(RECORDED DATA)
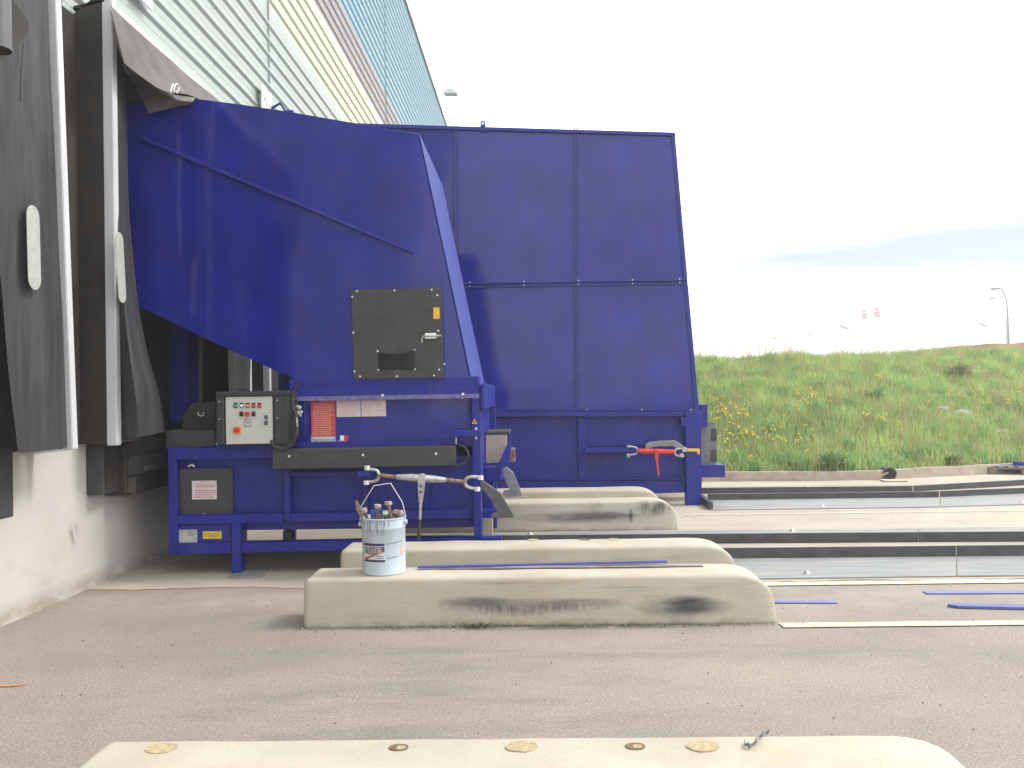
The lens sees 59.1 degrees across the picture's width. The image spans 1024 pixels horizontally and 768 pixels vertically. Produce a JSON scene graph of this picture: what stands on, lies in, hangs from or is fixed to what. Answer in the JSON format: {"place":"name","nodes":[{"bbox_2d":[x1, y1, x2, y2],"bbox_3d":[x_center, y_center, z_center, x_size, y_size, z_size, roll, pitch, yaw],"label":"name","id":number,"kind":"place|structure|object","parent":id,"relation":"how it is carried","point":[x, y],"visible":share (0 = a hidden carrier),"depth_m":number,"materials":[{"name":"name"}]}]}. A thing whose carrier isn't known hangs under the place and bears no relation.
{"place":"outdoors","nodes":[
{"label":"outdoors","id":0,"kind":"place"},
{"bbox_2d":[0,578,1023,767],"bbox_3d":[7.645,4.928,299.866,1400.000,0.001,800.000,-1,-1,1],"label":"ground","id":1,"kind":"structure","parent":0,"point":[649,681],"depth_m":5.13,"materials":[{"name":"concrete"}]},
{"bbox_2d":[0,684,25,686],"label":"orange splinter","id":2,"kind":"object","parent":1,"relation":"on","point":[12,685],"visible":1,"depth_m":5.09,"materials":[{"name":"brown wood"}]},
{"bbox_2d":[146,551,176,562],"bbox_3d":[-3.574,1.600,9.144,0.388,0.309,0.689,-1,-1,20],"label":"loose cable","id":3,"kind":"object","parent":1,"relation":"on","point":[158,559],"visible":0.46,"depth_m":9.01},
{"bbox_2d":[0,0,446,626],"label":"warehouse","id":4,"kind":"structure","parent":1,"relation":"on","point":[64,534],"depth_m":9.86,"materials":[{"name":"white metal"}]},
{"bbox_2d":[0,448,12,518],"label":"dock bumper","id":5,"kind":"object","parent":4,"relation":"attached to","point":[6,482],"visible":1,"depth_m":6.33,"materials":[{"name":"black rubber"}]},
{"bbox_2d":[0,277,17,451],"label":"dock door","id":6,"kind":"structure","parent":4,"relation":"in","point":[8,439],"depth_m":6.50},
{"bbox_2d":[0,0,77,452],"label":"dock shelter","id":7,"kind":"object","parent":4,"relation":"attached to","point":[35,268],"visible":1,"depth_m":6.25,"materials":[{"name":"fabric"}]},
{"bbox_2d":[86,444,118,494],"bbox_3d":[-3.550,0.726,7.855,0.162,0.450,0.300,-1,-1,1],"label":"dock bumper","id":8,"kind":"object","parent":4,"relation":"attached to","point":[102,469],"visible":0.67,"depth_m":7.71,"materials":[{"name":"black rubber"}]},
{"bbox_2d":[105,437,167,495],"bbox_3d":[-3.462,0.777,9.348,0.262,0.460,2.670,-1,-1,1],"label":"dock leveller","id":9,"kind":"object","parent":4,"relation":"attached to","point":[143,465],"visible":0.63,"depth_m":8.33,"materials":[{"name":"black metal"}]},
{"bbox_2d":[141,0,151,10],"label":"number sign","id":10,"kind":"object","parent":4,"relation":"attached to","point":[148,3],"visible":1,"depth_m":8.96,"materials":[{"name":"white paint"}]},
{"bbox_2d":[73,0,251,445],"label":"dock shelter","id":11,"kind":"object","parent":4,"relation":"attached to","point":[118,386],"visible":0.81,"depth_m":7.59,"materials":[{"name":"fabric"}]},
{"bbox_2d":[121,72,223,439],"bbox_3d":[-3.625,-1.201,9.409,0.060,3.459,3.400,-1,-1,1],"label":"dock door","id":12,"kind":"structure","parent":4,"relation":"in","point":[155,328],"depth_m":9.34,"materials":[{"name":"black"}]},
{"bbox_2d":[252,360,278,390],"bbox_3d":[-3.324,-1.361,13.725,0.371,3.890,3.560,-1,-1,1],"label":"dock shelter","id":13,"kind":"object","parent":4,"relation":"attached to","point":[264,378],"visible":0.05,"depth_m":11.93,"materials":[{"name":"metal"}]},
{"bbox_2d":[259,84,271,108],"bbox_3d":[-3.543,-3.866,12.955,0.078,0.720,0.485,-1,-1,1],"label":"number sign","id":14,"kind":"object","parent":4,"relation":"attached to","point":[265,98],"visible":0.31,"depth_m":12.86,"materials":[{"name":"white paint"}]},
{"bbox_2d":[441,88,457,96],"bbox_3d":[-2.712,-12.619,39.101,0.724,0.239,0.440,-1,-1,1],"label":"wall lamp","id":15,"kind":"object","parent":4,"relation":"attached to","point":[450,92],"visible":1,"depth_m":38.89,"materials":[{"name":"metal"}]},
{"bbox_2d":[462,622,490,627],"bbox_3d":[-0.244,1.654,6.194,0.202,0.049,0.049,-1,-1,1],"label":"weed","id":16,"kind":"object","parent":1,"relation":"on","point":[472,626],"visible":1,"depth_m":6.21,"materials":[{"name":"plant"}]},
{"bbox_2d":[16,586,1021,734],"bbox_3d":[0.891,1.639,4.965,8.501,0.022,4.789,-1,-1,1],"label":"grit","id":17,"kind":"object","parent":1,"relation":"on","point":[651,625],"visible":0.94,"depth_m":6.18,"materials":[{"name":"grey gravel"}]},
{"bbox_2d":[80,736,964,767],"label":"wheel guide barrier","id":18,"kind":"object","parent":1,"relation":"on","point":[811,752],"visible":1,"depth_m":3.17,"materials":[{"name":"concrete"}]},
{"bbox_2d":[744,730,768,747],"bbox_3d":[0.863,1.262,3.223,0.054,0.031,0.145,-2,-1,43],"label":"twisted strap","id":19,"kind":"object","parent":18,"relation":"on","point":[757,739],"visible":1,"depth_m":3.21,"materials":[{"name":"metal"}]},
{"bbox_2d":[341,538,734,567],"bbox_3d":[0.221,1.512,7.630,3.275,0.344,0.460,-1,-1,1],"label":"wheel guide barrier","id":20,"kind":"object","parent":1,"relation":"on","point":[669,550],"visible":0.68,"depth_m":7.43,"materials":[{"name":"concrete"}]},
{"bbox_2d":[304,564,777,628],"bbox_3d":[0.191,1.500,6.451,3.275,0.342,0.460,-1,-1,1],"label":"wheel guide barrier","id":21,"kind":"object","parent":1,"relation":"on","point":[417,597],"visible":0.88,"depth_m":6.24,"materials":[{"name":"concrete"}]},
{"bbox_2d":[359,483,407,575],"bbox_3d":[-0.921,1.027,6.489,0.322,0.645,0.322,0,-1,-40],"label":"bucket","id":22,"kind":"object","parent":21,"relation":"on","point":[383,548],"visible":0.88,"depth_m":6.36,"materials":[{"name":"white plastic"}]},
{"bbox_2d":[355,500,363,517],"bbox_3d":[-1.079,0.886,6.401,0.060,0.128,0.012,-1,-1,1],"label":"rusty strap","id":23,"kind":"object","parent":22,"relation":"in","point":[359,510],"visible":1,"depth_m":6.39,"materials":[{"name":"metal"}]},
{"bbox_2d":[370,510,383,518],"bbox_3d":[-0.976,0.949,6.532,0.094,0.078,0.020,-1,-1,1],"label":"blue offcut","id":24,"kind":"object","parent":22,"relation":"in","point":[372,514],"visible":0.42,"depth_m":6.52,"materials":[{"name":"blue plastic"}]},
{"bbox_2d":[384,501,391,518],"bbox_3d":[-0.884,0.919,6.470,0.060,0.159,0.058,-1,-1,1],"label":"rusty bolt","id":25,"kind":"object","parent":22,"relation":"in","point":[388,504],"visible":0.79,"depth_m":6.46,"materials":[{"name":"metal"}]},
{"bbox_2d":[398,510,403,517],"bbox_3d":[-0.797,0.928,6.447,0.053,0.058,0.056,-1,-1,1],"label":"bolt","id":26,"kind":"object","parent":22,"relation":"in","point":[401,513],"visible":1,"depth_m":6.43,"materials":[{"name":"metal"}]},
{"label":"scrap bolts","id":27,"kind":"object","parent":22,"relation":"in","visible":0},
{"bbox_2d":[362,507,368,518],"bbox_3d":[-1.040,0.945,6.443,0.044,0.133,0.084,-2,-1,44],"label":"rusty bolt","id":28,"kind":"object","parent":27,"relation":"on","point":[364,510],"visible":0.79,"depth_m":6.43,"materials":[{"name":"metal"}]},
{"bbox_2d":[374,504,380,518],"bbox_3d":[-0.958,0.928,6.451,0.058,0.139,0.050,-1,-1,16],"label":"rusty bolt","id":29,"kind":"object","parent":27,"relation":"on","point":[377,506],"visible":0.79,"depth_m":6.44,"materials":[{"name":"metal"}]},
{"bbox_2d":[383,510,388,518],"bbox_3d":[-0.905,0.959,6.461,0.042,0.121,0.116,-1,-1,-10],"label":"rusty bolt","id":30,"kind":"object","parent":27,"relation":"on","point":[385,513],"visible":0.67,"depth_m":6.42,"materials":[{"name":"grey metal"}]},
{"bbox_2d":[392,509,398,517],"bbox_3d":[-0.826,0.955,6.453,0.056,0.121,0.093,-1,-1,1],"label":"rusty bolt","id":31,"kind":"object","parent":27,"relation":"on","point":[395,512],"visible":0.64,"depth_m":6.43,"materials":[{"name":"metal"}]},
{"bbox_2d":[418,560,667,567],"bbox_3d":[0.226,1.315,6.591,1.820,0.010,0.050,-1,-1,-2],"label":"flat bar","id":32,"kind":"object","parent":21,"relation":"on","point":[544,564],"visible":1,"depth_m":6.58,"materials":[{"name":"blue metal"}]},
{"bbox_2d":[439,565,702,568],"bbox_3d":[0.421,1.320,6.520,1.899,0.006,0.050,-1,-1,2],"label":"flat bar","id":33,"kind":"object","parent":21,"relation":"on","point":[609,566],"visible":1,"depth_m":6.51,"materials":[{"name":"metal"}]},
{"bbox_2d":[86,473,1023,589],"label":"loading apron","id":34,"kind":"object","parent":1,"relation":"on","point":[293,569],"visible":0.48,"depth_m":10.45,"materials":[{"name":"concrete"}]},
{"bbox_2d":[127,99,521,577],"bbox_3d":[-1.777,-0.587,9.177,3.658,4.646,2.557,-1,-1,1],"label":"waste compactor","id":35,"kind":"object","parent":34,"relation":"on","point":[313,261],"visible":1,"depth_m":8.27,"materials":[{"name":"blue paint"}]},
{"bbox_2d":[356,121,724,504],"bbox_3d":[-0.013,-1.015,13.772,6.208,5.548,2.490,-1,-1,1],"label":"waste compactor","id":36,"kind":"object","parent":34,"relation":"on","point":[570,247],"visible":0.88,"depth_m":12.80,"materials":[{"name":"blue paint"}]},
{"bbox_2d":[405,497,678,532],"bbox_3d":[0.299,1.547,10.709,3.275,0.343,0.460,-1,-1,1],"label":"wheel guide barrier","id":37,"kind":"object","parent":34,"relation":"on","point":[589,514],"visible":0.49,"depth_m":10.48,"materials":[{"name":"concrete"}]},
{"bbox_2d":[497,486,657,498],"bbox_3d":[0.321,1.561,11.959,3.255,0.343,0.460,-1,-1,1],"label":"wheel guide barrier","id":38,"kind":"object","parent":34,"relation":"on","point":[585,492],"visible":0.3,"depth_m":11.74,"materials":[{"name":"concrete"}]},
{"bbox_2d":[405,528,917,542],"bbox_3d":[1.644,1.628,9.863,5.864,0.104,0.960,-1,-1,1],"label":"guide rail","id":39,"kind":"object","parent":34,"relation":"on","point":[823,535],"visible":0.67,"depth_m":9.48,"materials":[{"name":"metal"}]},
{"bbox_2d":[701,494,712,509],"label":"guide ramp","id":40,"kind":"structure","parent":34,"relation":"on","point":[706,502],"depth_m":12.33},
{"bbox_2d":[701,485,912,493],"bbox_3d":[4.734,1.634,14.389,3.498,0.091,0.952,-1,-1,5],"label":"guide rail","id":41,"kind":"object","parent":34,"relation":"on","point":[801,489],"visible":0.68,"depth_m":13.97,"materials":[{"name":"metal"}]},
{"bbox_2d":[707,491,938,509],"bbox_3d":[4.404,1.616,12.571,3.472,0.097,1.099,-1,-1,1],"label":"guide rail","id":42,"kind":"object","parent":34,"relation":"on","point":[822,500],"visible":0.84,"depth_m":12.84,"materials":[{"name":"metal"}]},
{"bbox_2d":[721,545,955,578],"bbox_3d":[1.535,1.606,8.113,5.218,0.111,1.014,-1,-1,1],"label":"guide rail","id":43,"kind":"object","parent":34,"relation":"on","point":[821,562],"visible":0.45,"depth_m":8.29,"materials":[{"name":"metal"}]},
{"bbox_2d":[682,510,1023,514],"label":"road marking","id":44,"kind":"object","parent":34,"relation":"on","point":[854,512],"visible":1,"depth_m":11.60,"materials":[{"name":"paint"}]},
{"bbox_2d":[913,479,1023,490],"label":"guide rail","id":45,"kind":"object","parent":34,"relation":"on","point":[966,485],"visible":0.85,"depth_m":14.19,"materials":[{"name":"metal"}]},
{"bbox_2d":[919,527,1023,541],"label":"guide rail","id":46,"kind":"object","parent":34,"relation":"on","point":[977,534],"visible":1,"depth_m":9.30,"materials":[{"name":"metal"}]},
{"bbox_2d":[940,487,1023,506],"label":"guide rail","id":47,"kind":"object","parent":34,"relation":"on","point":[985,497],"visible":1,"depth_m":12.89,"materials":[{"name":"metal"}]},
{"bbox_2d":[956,544,1023,576],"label":"guide rail","id":48,"kind":"object","parent":34,"relation":"on","point":[987,560],"visible":1,"depth_m":8.21,"materials":[{"name":"metal"}]},
{"bbox_2d":[988,466,1023,474],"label":"pallet","id":49,"kind":"object","parent":34,"relation":"on","point":[992,469],"visible":0.49,"depth_m":16.33,"materials":[{"name":"brown wood"}]},
{"bbox_2d":[1001,465,1023,466],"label":"blue sheet","id":50,"kind":"object","parent":49,"relation":"on","point":[1013,465],"visible":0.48,"depth_m":16.45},
{"bbox_2d":[1012,461,1023,465],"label":"blue profile","id":51,"kind":"object","parent":50,"relation":"on","point":[1020,463],"visible":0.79,"depth_m":16.42,"materials":[{"name":"paint"}]},
{"bbox_2d":[763,330,778,344],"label":"light mast","id":52,"kind":"object","parent":1,"relation":"on","point":[771,337],"visible":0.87,"depth_m":119.22,"materials":[{"name":"white metal"}]},
{"bbox_2d":[774,600,837,602],"bbox_3d":[2.161,1.635,6.782,0.542,0.006,0.075,-1,-1,5],"label":"flat bar","id":53,"kind":"object","parent":1,"relation":"on","point":[805,601],"visible":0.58,"depth_m":6.78,"materials":[{"name":"blue metal"}]},
{"bbox_2d":[702,463,1018,481],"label":"kerb","id":54,"kind":"structure","parent":1,"relation":"on","point":[942,471],"depth_m":15.90,"materials":[{"name":"concrete"}]},
{"bbox_2d":[879,466,896,478],"bbox_3d":[6.600,1.573,16.030,0.230,0.230,0.560,-1,-1,1],"label":"drain pipe","id":55,"kind":"object","parent":54,"relation":"in","point":[892,473],"visible":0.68,"depth_m":15.79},
{"bbox_2d":[859,309,871,354],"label":"electricity pylon","id":56,"kind":"object","parent":1,"relation":"on","point":[864,318],"visible":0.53,"depth_m":212.85,"materials":[{"name":"white metal"}]},
{"bbox_2d":[871,304,883,353],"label":"electricity pylon","id":57,"kind":"object","parent":1,"relation":"on","point":[876,313],"visible":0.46,"depth_m":202.87,"materials":[{"name":"white metal"}]},
{"bbox_2d":[764,579,1023,585],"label":"road marking","id":58,"kind":"object","parent":1,"relation":"on","point":[898,582],"visible":0.94,"depth_m":7.40,"materials":[{"name":"paint"}]},
{"bbox_2d":[780,620,1023,626],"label":"road marking","id":59,"kind":"object","parent":1,"relation":"on","point":[909,623],"visible":1,"depth_m":6.10,"materials":[{"name":"paint"}]},
{"bbox_2d":[923,591,1023,593],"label":"flat bar","id":60,"kind":"object","parent":1,"relation":"on","point":[974,592],"visible":1,"depth_m":6.98,"materials":[{"name":"metal"}]},
{"bbox_2d":[970,316,987,344],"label":"light mast","id":61,"kind":"object","parent":1,"relation":"on","point":[982,324],"visible":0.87,"depth_m":98.78,"materials":[{"name":"white metal"}]},
{"bbox_2d":[947,603,1023,609],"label":"flat bar","id":62,"kind":"object","parent":1,"relation":"on","point":[989,606],"visible":1,"depth_m":6.50,"materials":[{"name":"blue metal"}]},
{"bbox_2d":[990,287,1009,342],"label":"street lamp","id":63,"kind":"object","parent":1,"relation":"on","point":[1008,332],"visible":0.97,"depth_m":59.20,"materials":[{"name":"grey metal"}]},
{"bbox_2d":[407,0,1023,359],"label":"sky","id":64,"kind":"structure","parent":0,"point":[838,159],"materials":[{"name":"white"}]},
{"bbox_2d":[829,317,848,351],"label":"light mast","id":65,"kind":"object","parent":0,"point":[844,327],"visible":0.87,"depth_m":89.26,"materials":[{"name":"white metal"}]},
{"bbox_2d":[694,339,1023,470],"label":"hill","id":66,"kind":"structure","parent":0,"point":[840,469],"depth_m":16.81,"materials":[{"name":"green plant"}]},
{"bbox_2d":[815,448,850,469],"bbox_3d":[5.659,1.321,15.990,0.672,0.388,0.602,-1,-1,35],"label":"weed","id":67,"kind":"object","parent":66,"relation":"on","point":[832,461],"visible":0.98,"depth_m":15.89,"materials":[{"name":"green plant"}]},
{"bbox_2d":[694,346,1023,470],"bbox_3d":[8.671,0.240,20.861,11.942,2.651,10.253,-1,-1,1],"label":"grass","id":68,"kind":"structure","parent":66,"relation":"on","point":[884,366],"depth_m":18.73,"materials":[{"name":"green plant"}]},
{"bbox_2d":[698,344,1023,467],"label":"wild flowers","id":69,"kind":"object","parent":66,"relation":"on","point":[809,403],"visible":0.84,"depth_m":18.10,"materials":[{"name":"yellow plant"}]},
{"bbox_2d":[864,386,889,400],"bbox_3d":[7.764,0.228,19.269,0.604,0.403,0.567,-1,-1,29],"label":"weed","id":70,"kind":"object","parent":66,"relation":"on","point":[876,392],"visible":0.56,"depth_m":19.18,"materials":[{"name":"green plant"}]},
{"bbox_2d":[941,451,965,464],"bbox_3d":[8.056,1.341,16.493,0.536,0.268,0.474,-1,-1,1],"label":"weed","id":71,"kind":"object","parent":66,"relation":"on","point":[955,459],"visible":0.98,"depth_m":16.42,"materials":[{"name":"green plant"}]},
{"bbox_2d":[945,361,977,376],"bbox_3d":[10.802,-0.351,21.791,0.980,0.467,0.855,-1,-1,1],"label":"weed","id":72,"kind":"object","parent":66,"relation":"on","point":[959,369],"visible":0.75,"depth_m":21.60,"materials":[{"name":"green plant"}]},
{"bbox_2d":[956,409,970,416],"bbox_3d":[9.444,0.661,18.943,0.364,0.269,0.319,-1,-1,1],"label":"boulder","id":73,"kind":"object","parent":66,"relation":"on","point":[965,411],"visible":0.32,"depth_m":18.82,"materials":[{"name":"stone"}]},
{"bbox_2d":[880,479,907,481],"bbox_3d":[6.502,1.647,15.400,0.381,0.029,0.269,-1,-1,6],"label":"broken slab","id":74,"kind":"object","parent":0,"point":[889,480],"depth_m":15.30,"materials":[{"name":"beige concrete"}]},
{"bbox_2d":[904,342,1023,352],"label":"terrain","id":75,"kind":"structure","parent":0,"point":[981,345],"depth_m":43.37,"materials":[{"name":"brown soil"}]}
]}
(End RECORDED DATA)
**ACTIVITY**:
Identify the lines of the entries containing the string "fabric". Copy each such line.

**SOLUTION TO THE PROBLEM**:
{"bbox_2d":[0,0,77,452],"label":"dock shelter","id":7,"kind":"object","parent":4,"relation":"attached to","point":[35,268],"visible":1,"depth_m":6.25,"materials":[{"name":"fabric"}]},
{"bbox_2d":[73,0,251,445],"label":"dock shelter","id":11,"kind":"object","parent":4,"relation":"attached to","point":[118,386],"visible":0.81,"depth_m":7.59,"materials":[{"name":"fabric"}]},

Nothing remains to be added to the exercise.